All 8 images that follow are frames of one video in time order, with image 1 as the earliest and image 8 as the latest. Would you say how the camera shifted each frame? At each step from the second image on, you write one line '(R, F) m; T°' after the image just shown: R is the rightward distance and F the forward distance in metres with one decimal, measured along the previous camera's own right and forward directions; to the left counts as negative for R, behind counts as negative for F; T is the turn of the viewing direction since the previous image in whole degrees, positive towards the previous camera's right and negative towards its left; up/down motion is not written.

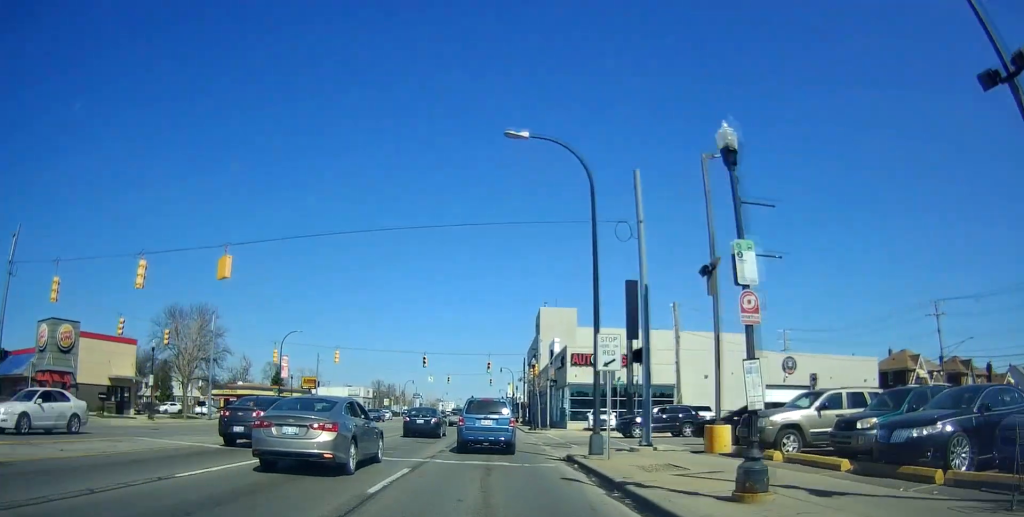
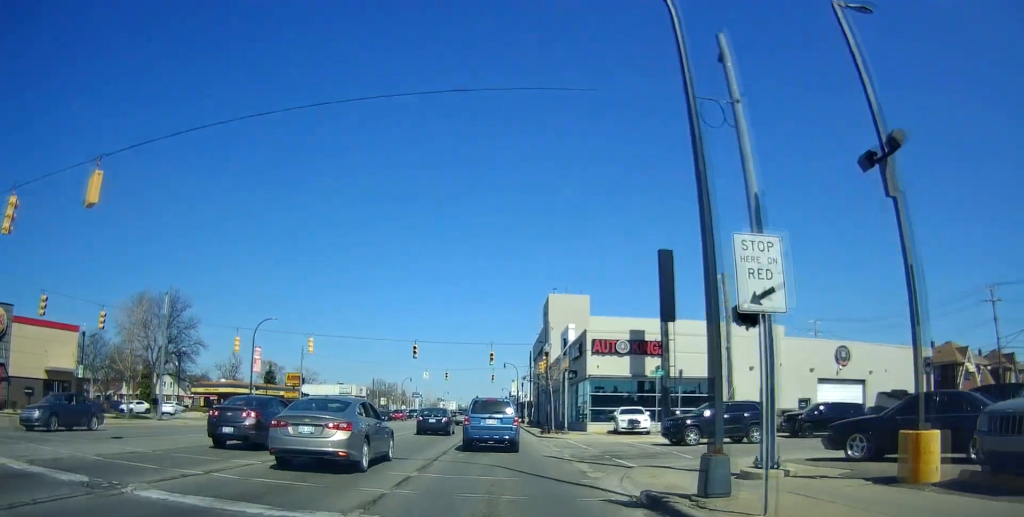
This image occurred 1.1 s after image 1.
(+0.1, +7.9) m; -1°
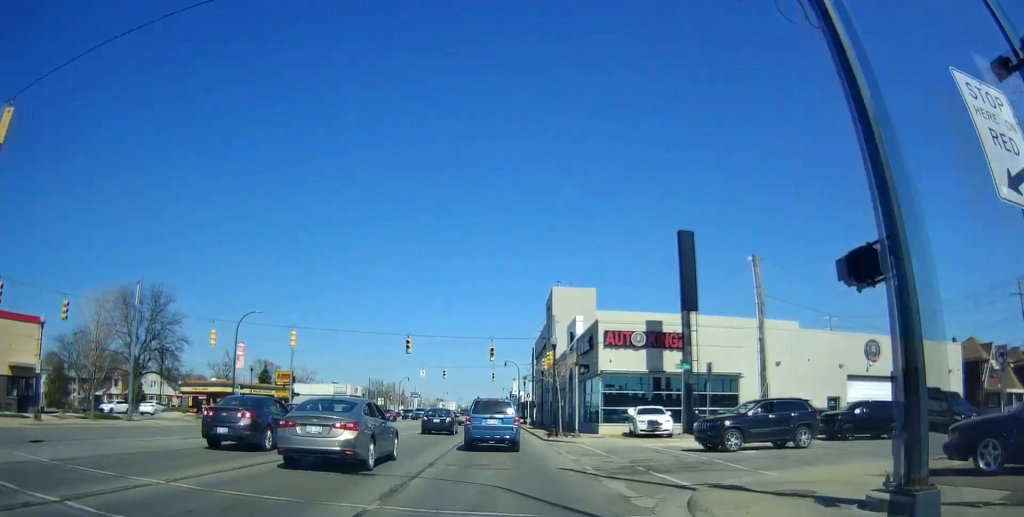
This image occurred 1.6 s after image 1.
(-0.1, +4.0) m; +1°
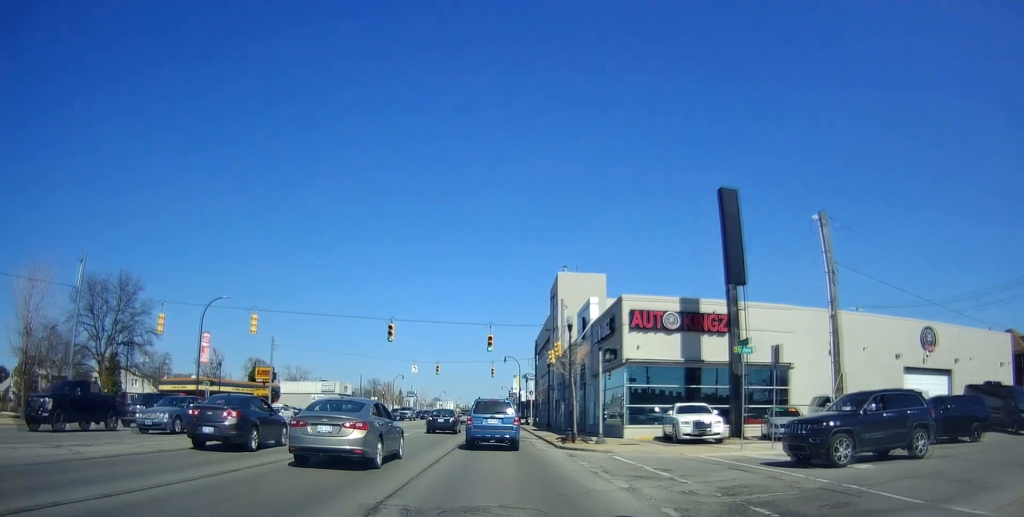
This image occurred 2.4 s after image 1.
(+0.1, +6.5) m; 0°
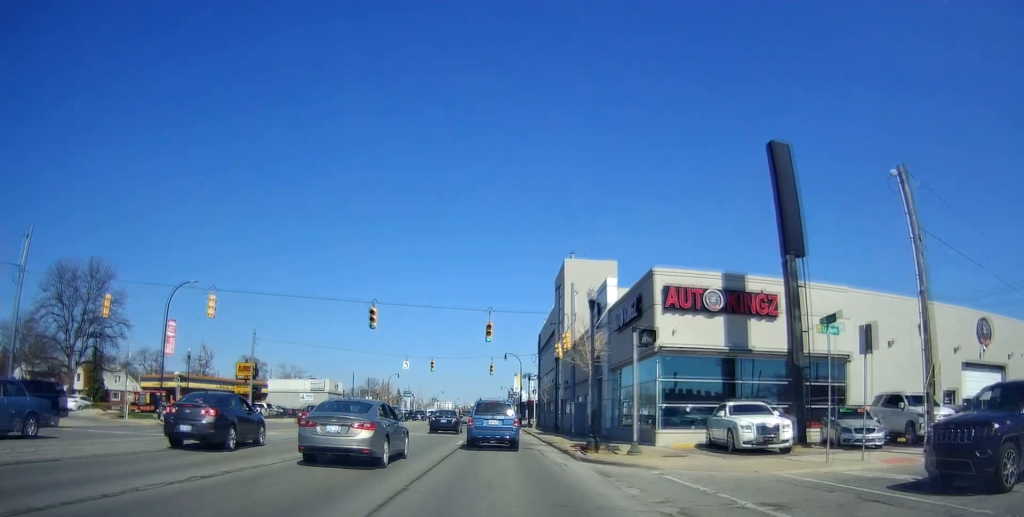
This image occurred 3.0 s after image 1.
(+0.4, +5.4) m; -1°
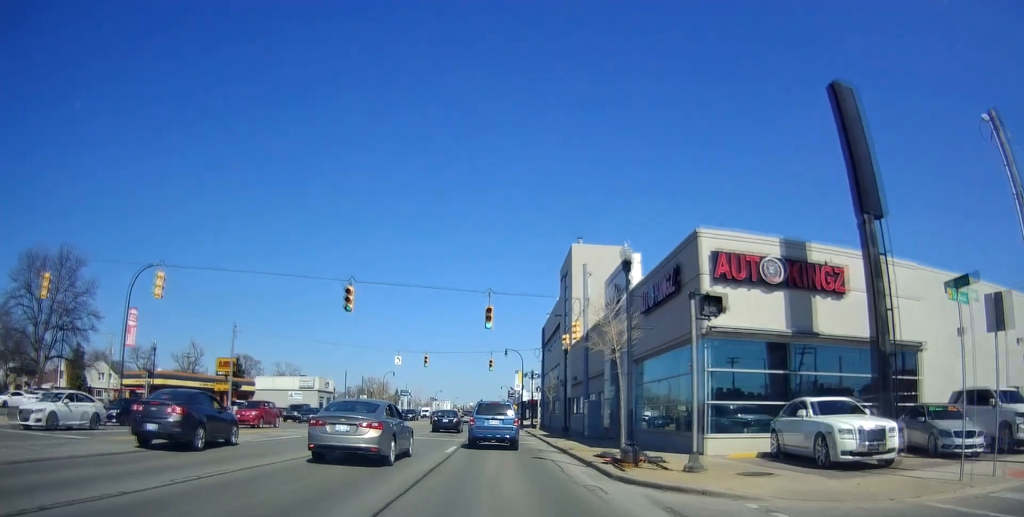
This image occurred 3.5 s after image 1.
(-0.5, +5.2) m; -3°
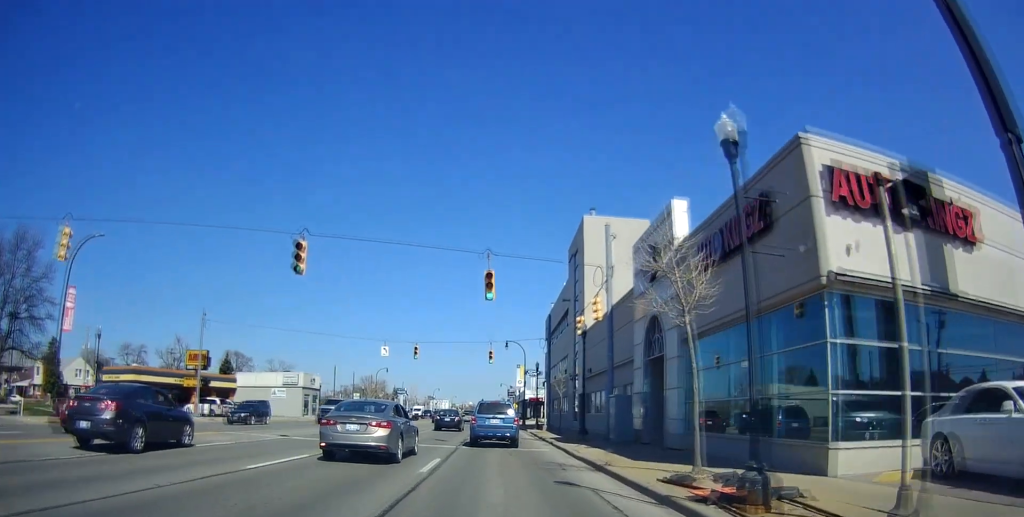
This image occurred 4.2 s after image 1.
(-0.3, +6.7) m; -2°
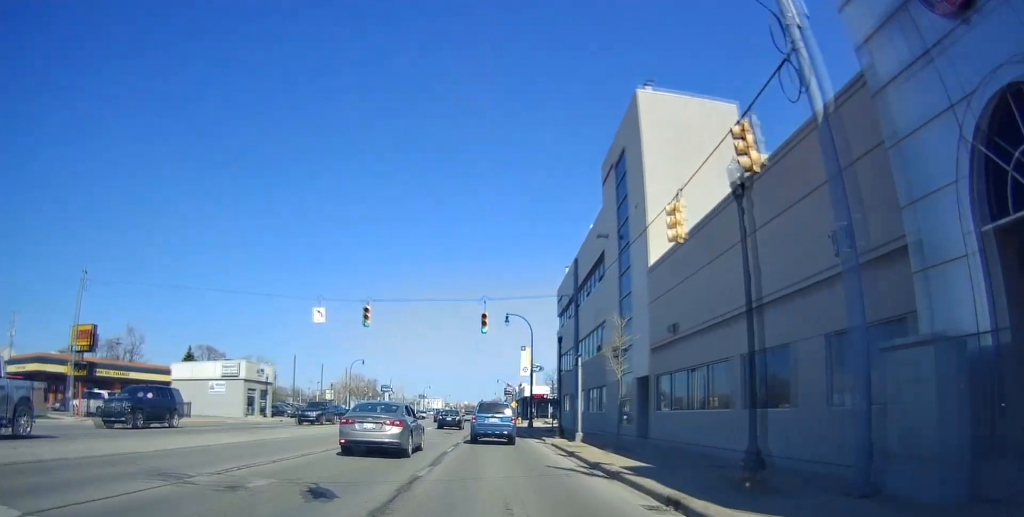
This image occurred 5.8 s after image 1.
(+0.5, +17.9) m; +3°
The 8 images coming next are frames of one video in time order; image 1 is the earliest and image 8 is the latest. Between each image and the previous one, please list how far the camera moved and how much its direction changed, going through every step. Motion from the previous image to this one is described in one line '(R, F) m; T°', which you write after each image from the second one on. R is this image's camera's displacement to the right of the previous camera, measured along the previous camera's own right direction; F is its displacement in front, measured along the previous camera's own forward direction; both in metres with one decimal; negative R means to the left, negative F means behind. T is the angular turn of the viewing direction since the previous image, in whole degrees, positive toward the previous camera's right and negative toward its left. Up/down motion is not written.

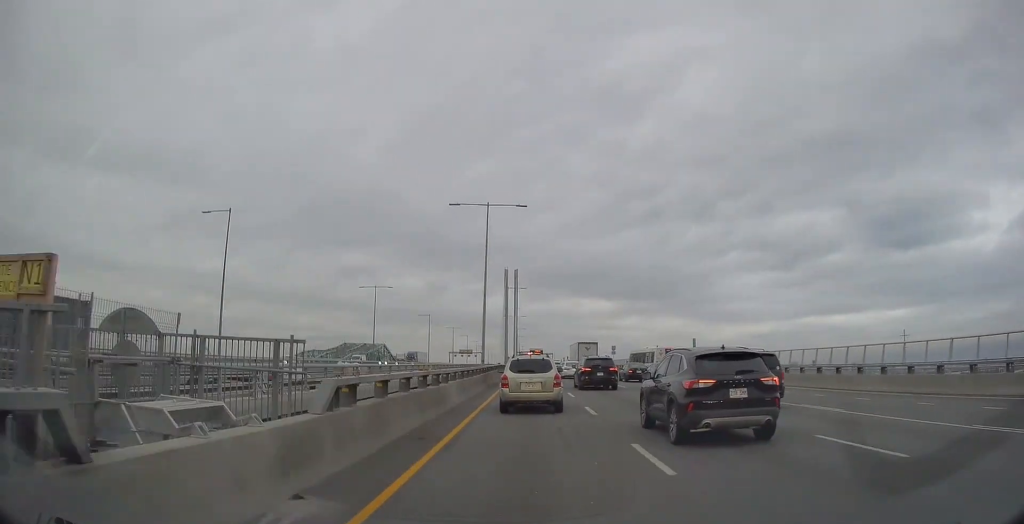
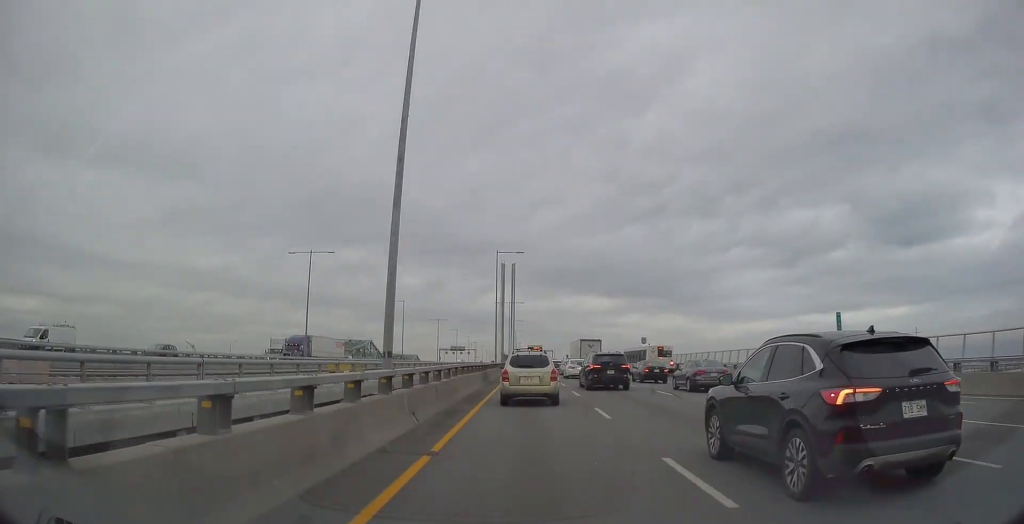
(+0.1, +27.2) m; 0°
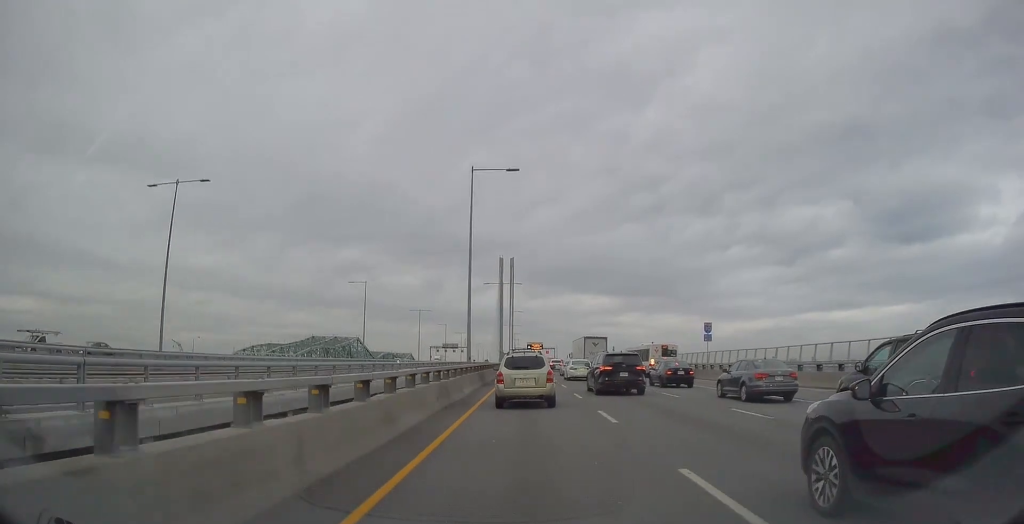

========================

- **Work item**
Where pictures appear in the records, leave them out; output everything else exactly.

- **Answer box**
All 8 images that follow are frames of one video in time order, with image 1 as the earliest and image 8 as the latest. Would you say how the camera shifted each frame? At each step from the second image on, you write one line '(R, F) m; T°' after the image just shown: R is the rightward distance and F the forward distance in metres with one decimal, measured along the previous camera's own right and forward directions; to the left counts as negative for R, behind counts as negative for F; T is the turn of the viewing direction since the previous image in whole degrees, positive towards the previous camera's right and negative towards its left; up/down motion is not written.

This image occurred 1.1 s after image 1.
(+0.1, +7.9) m; -1°
This image occurred 1.6 s after image 1.
(-0.1, +4.0) m; +1°
This image occurred 2.4 s after image 1.
(+0.1, +6.5) m; 0°
This image occurred 3.0 s after image 1.
(+0.4, +5.4) m; -1°
This image occurred 3.5 s after image 1.
(-0.5, +5.2) m; -3°
This image occurred 4.2 s after image 1.
(-0.3, +6.7) m; -2°
This image occurred 5.8 s after image 1.
(+0.5, +17.9) m; +3°
The 8 images coming next are frames of one video in time order; image 1 is the earliest and image 8 is the latest. Between each image and the previous one, please list how far the camera moved and how much its direction changed, going through every step. Motion from the previous image to this one is described in one line '(R, F) m; T°', which you write after each image from the second one on. R is this image's camera's displacement to the right of the previous camera, measured along the previous camera's own right direction; F is its displacement in front, measured along the previous camera's own forward direction; both in metres with one decimal; negative R means to the left, negative F means behind. T is the angular turn of the viewing direction since the previous image, in whole degrees, positive toward the previous camera's right and negative toward its left. Up/down motion is not written.

(+0.1, +27.2) m; 0°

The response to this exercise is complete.